陈登颇为意外的瞪了他一眼,什么时候变得如此不要脸了。
旋即也直接道:“自然是关注位置”,也就是跟隨你之后能位居何处、置於何地,以往你是別部司马,身旁最多有主计、主簿,文武副手一二人,仅此而已,再来共事也无有大任。”
“等你为沛相,骑都尉,无论是军中还是郡国,位置自然多了,文可得治理郡国之功,亦能协同军务、筹措军备,武自然是征战廝杀,你在军中地位越高,立功自然就越容易。”
“只是你这人比他人奇异,许多地位较高的將军,取功都是委派险要的军令给他人,而自己取正合,偏偏你善去危险之地,又还能屡次大胜,这就让人不得不更为敬佩。”
“是,”许朔很不谦虚的点了点头,“我向来是享受危险的。”
“嘖,”陈登嘴说白了他一眼,但是却也没有反驳,许朔总是冲在最危险的战线上,得到的功绩和名声也是冠绝三军,长久之后,威信自然也就立於眾人之心了,“所以,但凡有才之士,在知晓你日后必定飞黄腾达的情况下,看重的便是你身边的位置”,譬如张子布,此时他肯来出仕便是因为他有治富之才,而你刚好又懂他的才学,再没有什么比这更和洽的了。”
得陈登一言,许朔还真是拿开了障目之叶,眼前豁然开朗。
如此看来还真的不是运气所致,自己如今居於伏波將军、辰亭侯,兼任沛国相,可举荐的人越发的多,所以就成为了江淮一带,那些欲出位的文武之首选。
陈登接著笑道:“以往玄德公虽得令徐州,但依旧不得士人追隨,你现在明白是为何了?”
“嗯,玄德公那时未曾得明廷詔令,而且家世出身並不显赫,便是你所说的位置”太少,跟隨左右可想到的重任”无非是从事、主簿,或者別部司马等位,尚还需要多年打拼,於是有志於此的人就愿意来,而想要等著合適的高位一鸣惊人的贤才便会等一等。”
“对,”陈登躺了下去,懒散的道:“是故,古往今来皆是如此,追隨一人需要多方考量,左传所说的鸟则择木,便是这个道理。”
他又认真的转头看向许朔:“你以前和我开玩笑说良禽择木而棲,贤臣择主而事”是一句给人留后路的话,广为传言之后便会开归降的先河,有点道理,但不多!”

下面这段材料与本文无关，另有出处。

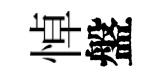
悼盤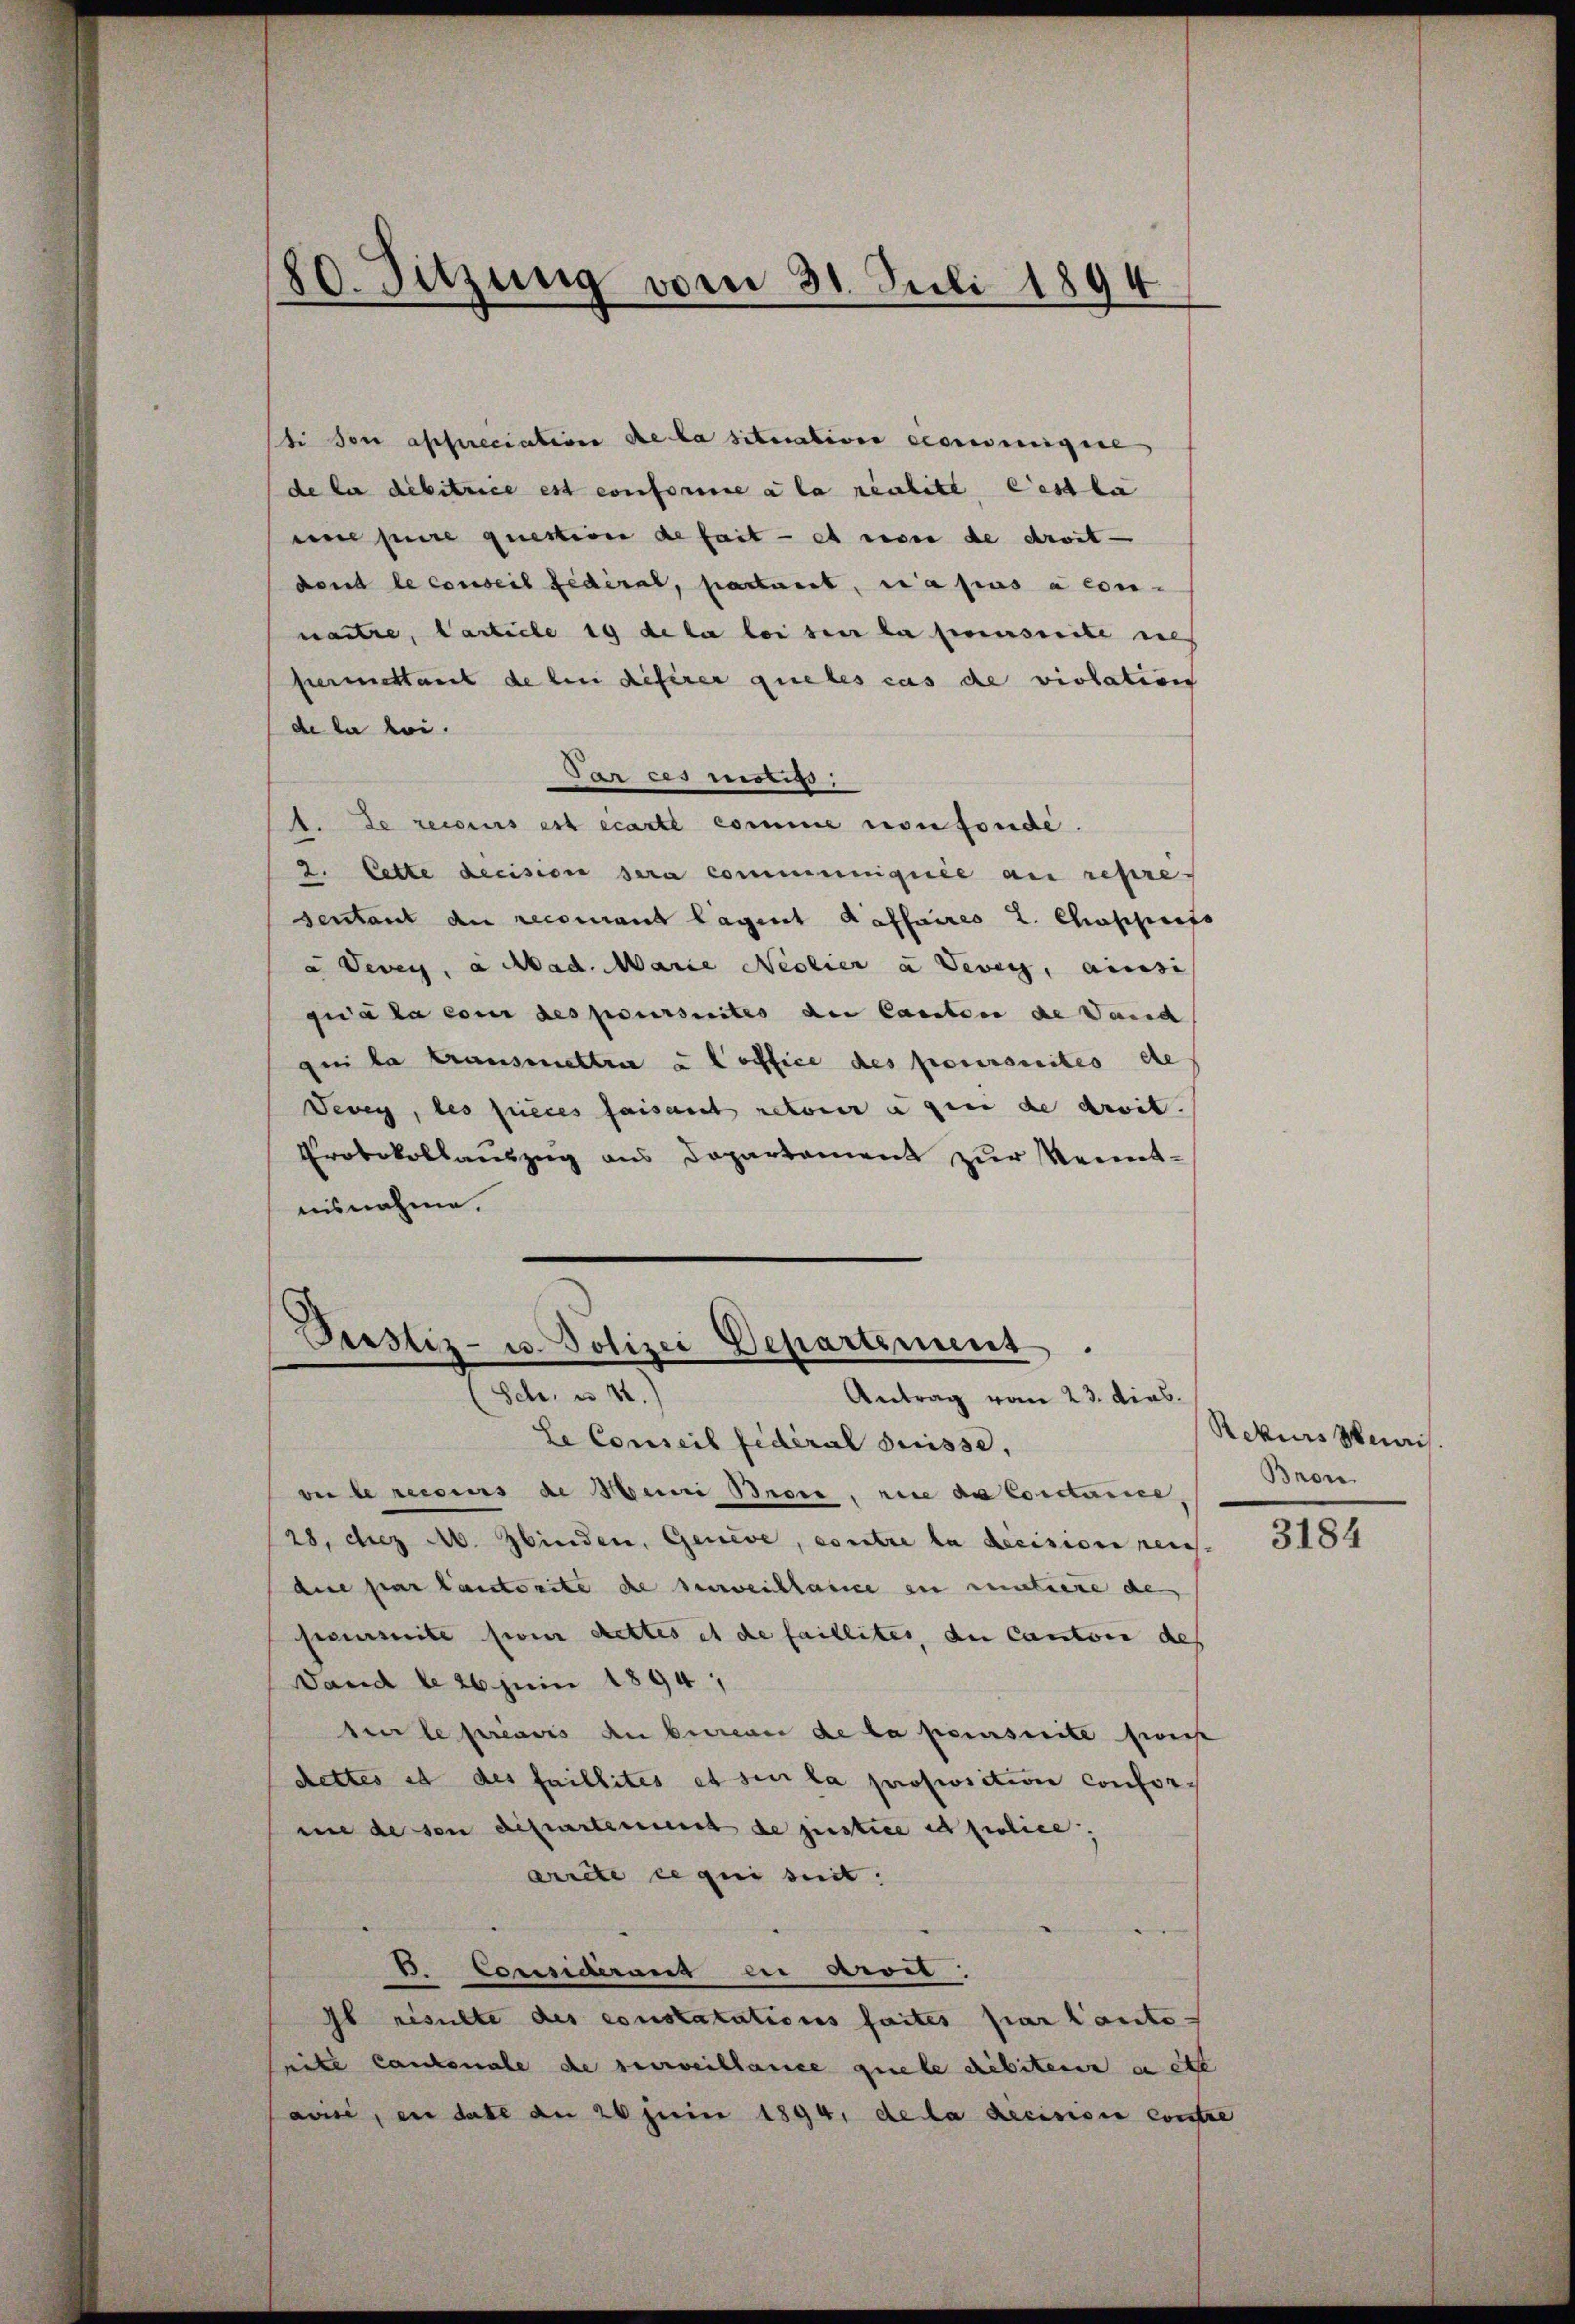
80. Sitzung vom 31. Juli 1894

ti son asserciations de la situatione sowenige
de la debitrice est conforme a la realite Cesla
eine pure question de fait — es non de droit —
dent le conseil fédéral, pastant, es a pas à con-
naitre, Carticle 19 de la leisen la pensuite des
permettant de bei dieserer queles cas die violation
de la loi.
Par ces nötig.
1. Le recius est écarte comme confonde.
2. Cette decision sera communiquée au repre
sentant an recomant lagert Haffaires L. Chapparts
a Vevey, a Mad. Marie Neolier a Vevey, ainsi
gia la con des poursuites der Canton de Vaud
qui la transmettra u office des poursuites de
Devey, des succes faisant retour angen die droit.
Protokollauszug aus Departement zur Kenntnisnahme.

Pustiz- u. Polizei Departement.
Schr. u 12.
Antrag vom 23. dies

le Conseil fédéral Suisse,
ve le reiseurs de Mein Broir, wie da Conclurice
28. dez M. binden, Genève, contre la decision reic
di par lautorite die herweichlassce in mutiere de
semmite sie dettes et de faillites, der Canton des
Sand de 26 Juni 1894,
sur le préavis an betreuer de la penseite sie
dettes et des faillites et sur la proposition conforme de son departement de justice et police,
arite ce qui seit
B. Consideranz in Arvet:
Ib risulte des constatations faites par laute.
seite Cantonale de surveillance quele debiten a ebe
avise, en date an 26 Juni 1894, de la decisisia contre

Rekurs mai
Bron

3184

“择木,依左传的微言大义,应当言说君子审时度势”,强调的是不可逆势而为,唯有看清局势知长短,才能找到合適自己发挥的地方。”
许朔微微点头:“受教了,还得是元龙,方能与我推心置腹的交论学识、谈及经典。”
成功的空谈一晚上!
许朔已经收到了“学识 1”的风,又是空谈的一天。
“你是谁?你是我义子!”陈登眉头一挑,意气风发,嘴角带著淡淡的坏笑,像极了许朔印象中的那种痞帅渣男,“我跟你讲!以后你若是当了三公九卿,或是那一年坐上了大將军之位,得开府徵士,那真是要著重写进史书里的,那史官日后给你立传,多少要写上一句:许子初,起於陈元龙之举荐。”

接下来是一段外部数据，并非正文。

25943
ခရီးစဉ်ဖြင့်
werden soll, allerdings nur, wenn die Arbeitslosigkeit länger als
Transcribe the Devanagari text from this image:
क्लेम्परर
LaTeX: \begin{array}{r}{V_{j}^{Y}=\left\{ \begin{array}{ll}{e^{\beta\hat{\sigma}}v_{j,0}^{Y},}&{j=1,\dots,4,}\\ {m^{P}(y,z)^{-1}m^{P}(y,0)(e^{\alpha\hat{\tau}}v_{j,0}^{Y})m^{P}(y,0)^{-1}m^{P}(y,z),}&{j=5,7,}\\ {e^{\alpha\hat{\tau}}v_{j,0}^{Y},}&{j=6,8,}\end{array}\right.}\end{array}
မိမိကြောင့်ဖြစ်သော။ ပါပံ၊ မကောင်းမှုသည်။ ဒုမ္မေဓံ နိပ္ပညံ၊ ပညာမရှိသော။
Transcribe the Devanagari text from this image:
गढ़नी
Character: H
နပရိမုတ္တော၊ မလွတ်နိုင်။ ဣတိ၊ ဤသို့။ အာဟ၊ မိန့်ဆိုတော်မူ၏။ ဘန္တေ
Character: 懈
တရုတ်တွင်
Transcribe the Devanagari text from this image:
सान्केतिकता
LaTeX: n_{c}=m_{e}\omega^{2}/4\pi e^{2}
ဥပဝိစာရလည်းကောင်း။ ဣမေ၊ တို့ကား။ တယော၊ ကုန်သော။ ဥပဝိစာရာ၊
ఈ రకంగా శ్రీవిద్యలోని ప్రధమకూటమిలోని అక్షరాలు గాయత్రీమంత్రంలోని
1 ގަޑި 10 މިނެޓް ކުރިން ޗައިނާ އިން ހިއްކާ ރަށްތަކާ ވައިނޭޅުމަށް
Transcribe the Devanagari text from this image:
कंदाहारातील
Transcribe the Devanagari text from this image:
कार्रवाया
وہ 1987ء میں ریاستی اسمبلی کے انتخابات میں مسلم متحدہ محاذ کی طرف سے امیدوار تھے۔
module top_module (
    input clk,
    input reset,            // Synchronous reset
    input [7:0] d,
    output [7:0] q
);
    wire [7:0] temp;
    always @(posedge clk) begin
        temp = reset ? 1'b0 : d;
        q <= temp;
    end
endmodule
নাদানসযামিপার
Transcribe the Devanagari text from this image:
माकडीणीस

“那可真是,史家无不注意到,元龙之眼光直追古贤,在茫茫人海中一眼就相中了许子初这位帝国之砥柱、社稷之肱骨!”
“我不敢想有多爽————”说罢,陈登长长地舒了一口气,很是閒適的瘫软了下去,然后连眼皮都懒得抬向许朔,悠然地道:“说起来你可能不信,现在哪怕我什么都不干,也是我陈氏家史里占得前五的功业了。”
“要是你再努努力,我一定会成为陈氏最惊艷的一代楷模。”
许朔的嘴角狠狠地抽搐,他以前还真没注意到,在自己白嫖天下人之时,陈元龙也在狠狠地白嫖著自己。

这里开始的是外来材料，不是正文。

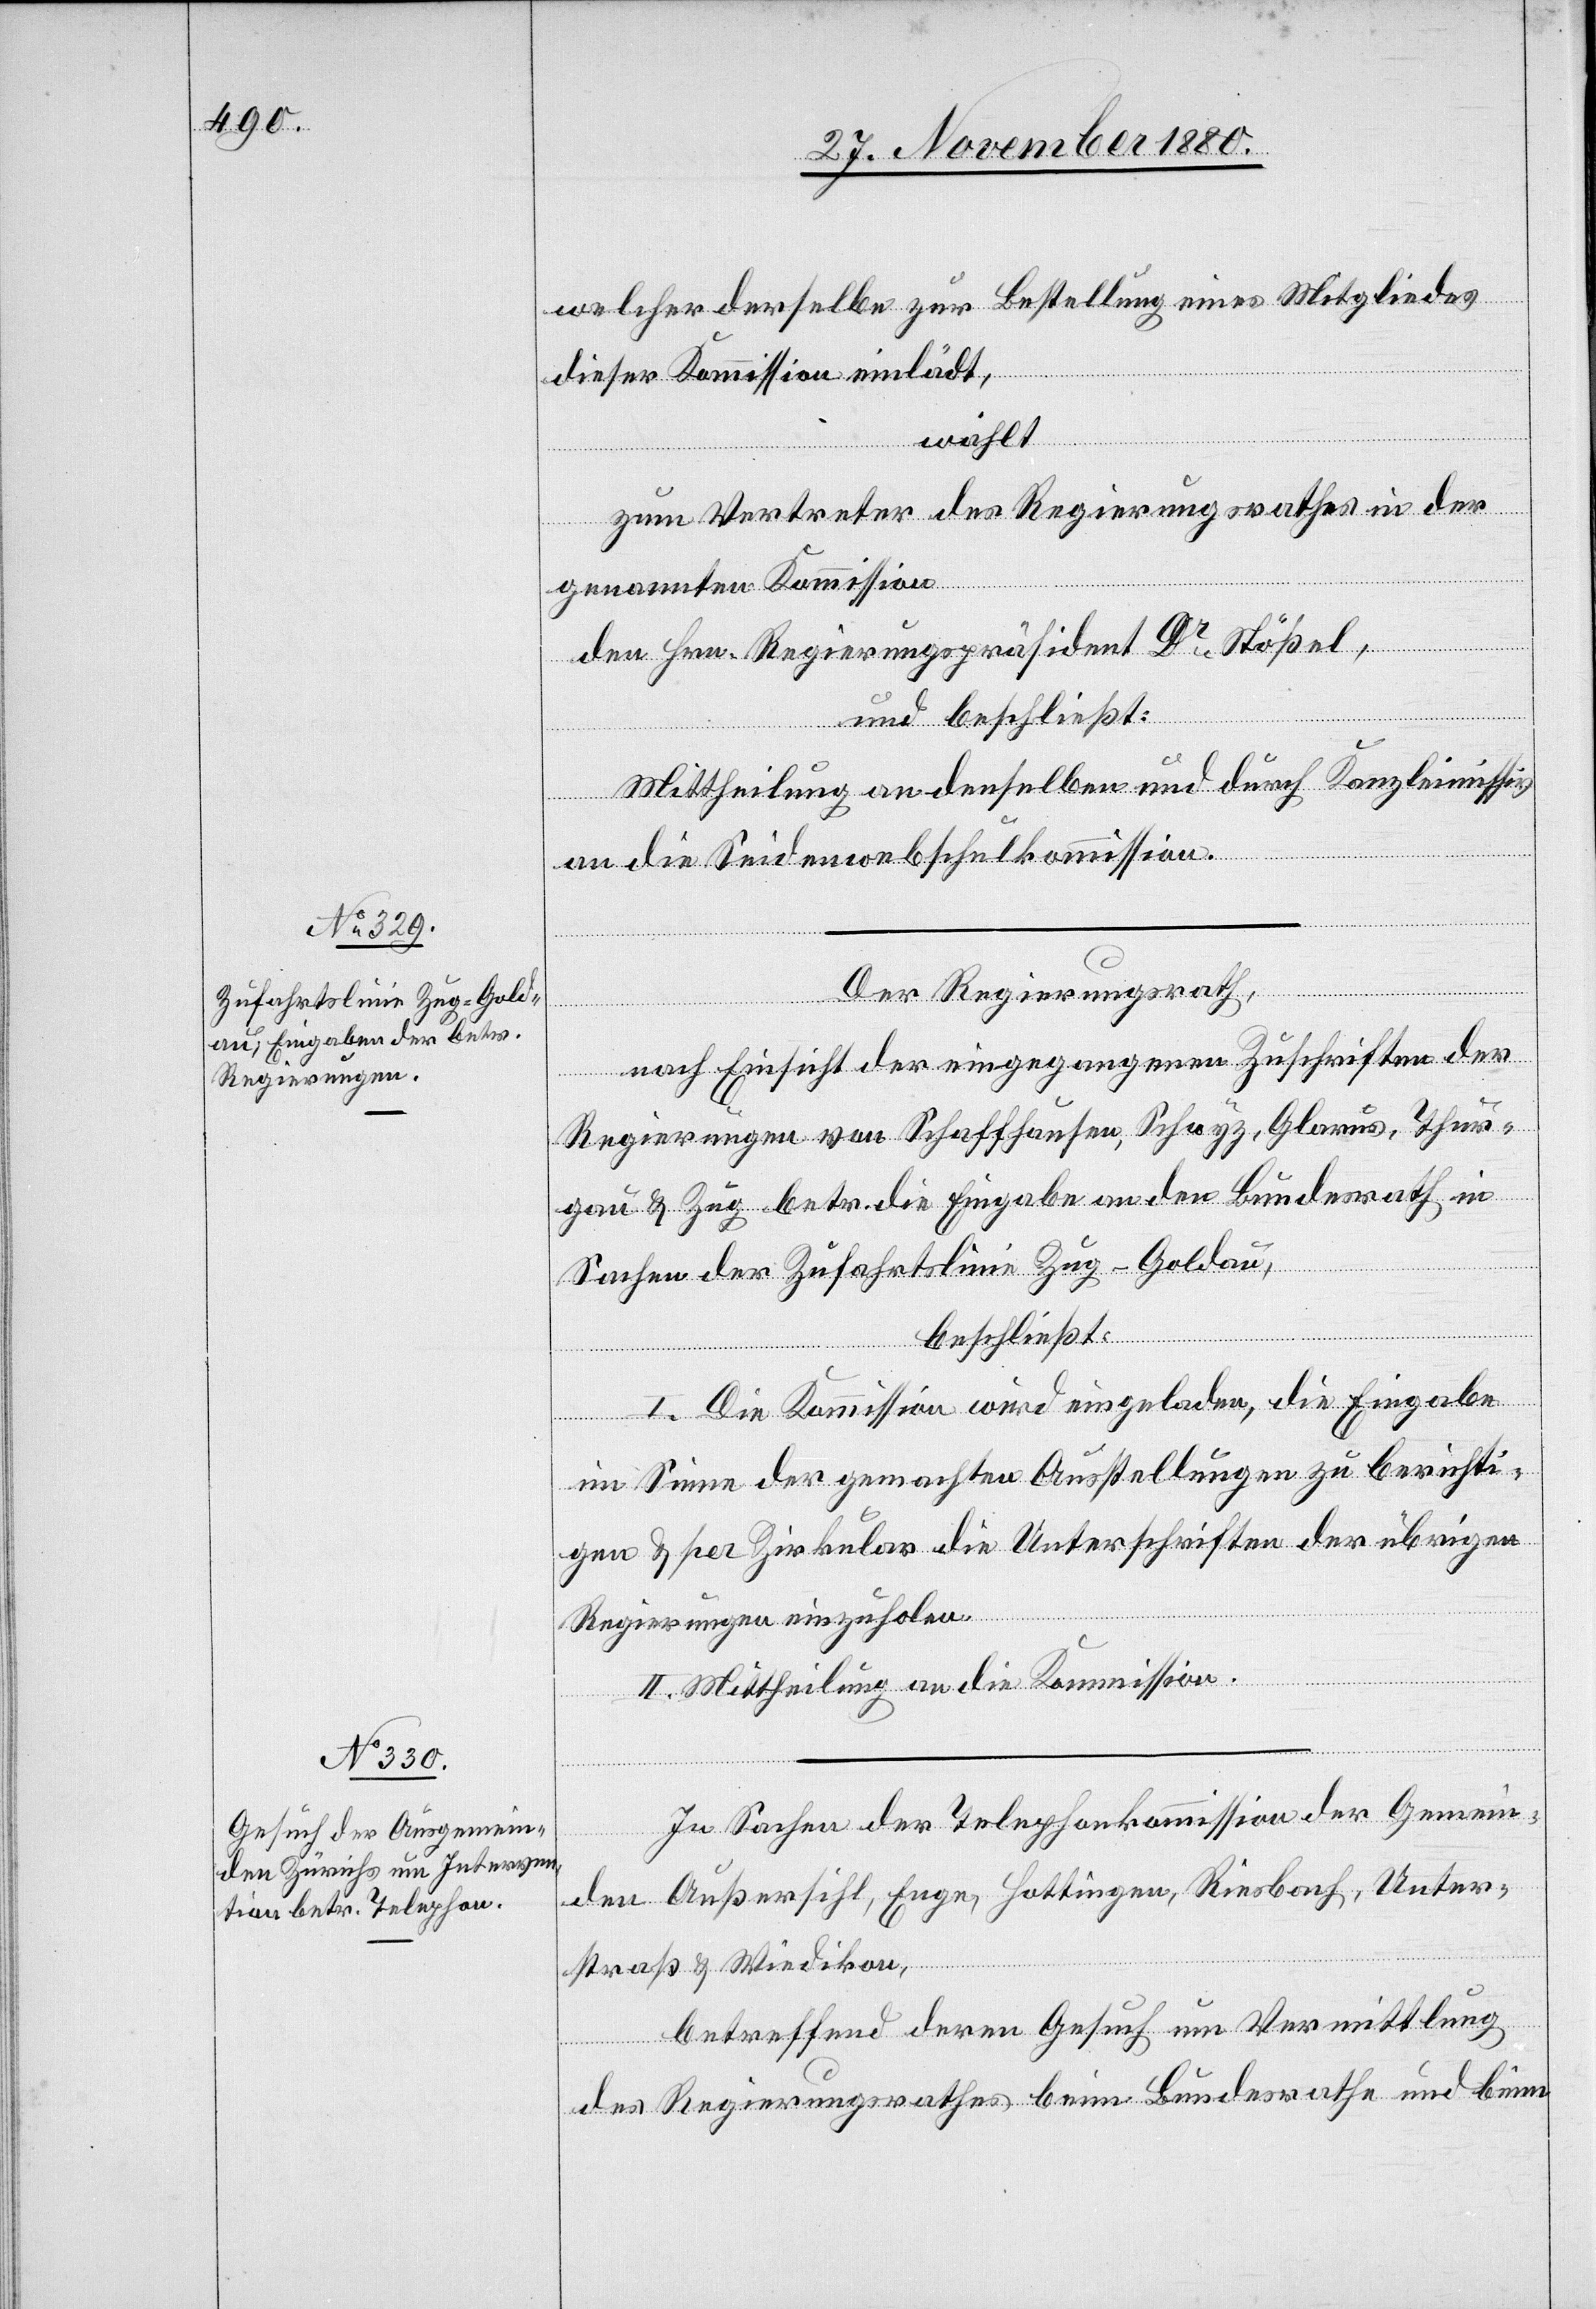
welcher derselbe zur Bestellung eines Mitgliedes
dieser Kommission einlädt,
wählt
zum Vertreter des Regierungsrathes in der
genannten Kommission
den Hrn. Regierungspräsidenten Dr Stößel,
und beschließt:
Mittheilung an denselben und durch Kanzleimissiv
an die Seidenwebschulkommission.
Der Regierungsrath,
nach Einsicht der eingegangenen Zuschriften der
Regierungen von Schaffhausen, Schwyz, Glarus, Thur¬
gau & Zug betr. die Eingabe an den Bundesrath in
Sachen der Zufahrtslinie Zug–Goldau,
beschließt:
I. Die Kommission wird eingeladen, die Eingabe
im Sinne der gemachten Ausstellung zu berichti¬
gen & per Zirkular die Unterschriften der übrigen
Regierungen einzuholen.
II. Mittheilung an die Kommission.
In Sachen der Telephonkommission der Gemein¬
den Außersihl, Enge, Hottingen, Riesbach, Unter¬
straß, Wiedikon,
betreffend deren Gesuch um Vermittlung
des Regierungsrathes beim Bundesrathe und beim

但是毕竟是过命的交情,又是自己打破胎中迷之后第一个知己好友,许朔语重心长的將手放在了他的腿上:“元龙,既如此,我去给你准备点鱼膾庆祝一下。”
陈登蹭地坐起身来,连忙摆手拒绝:“不不不,不吃那个,子初,我再也不囂张了。”
两人打闹著到了后半夜,陈登见贺齐、鲁肃相继前来,亦都是自己人,便谈起了一桩有趣的事口“你们知不知道,为何文远肯违背当初和云长的口头约定,自陈国南下与吕布交战?”
三人皆不知,等著陈登详细说来。
陈登没卖关子,马上拍案道:“就是因为吕布嫁女给袁术之子的事!文远当日知晓,大呼其少廉寡耻,故人听闻皆羞煞!於是便要亲手攻伐,反倒觉得那时跟隨吕布相互依靠是件错事了。”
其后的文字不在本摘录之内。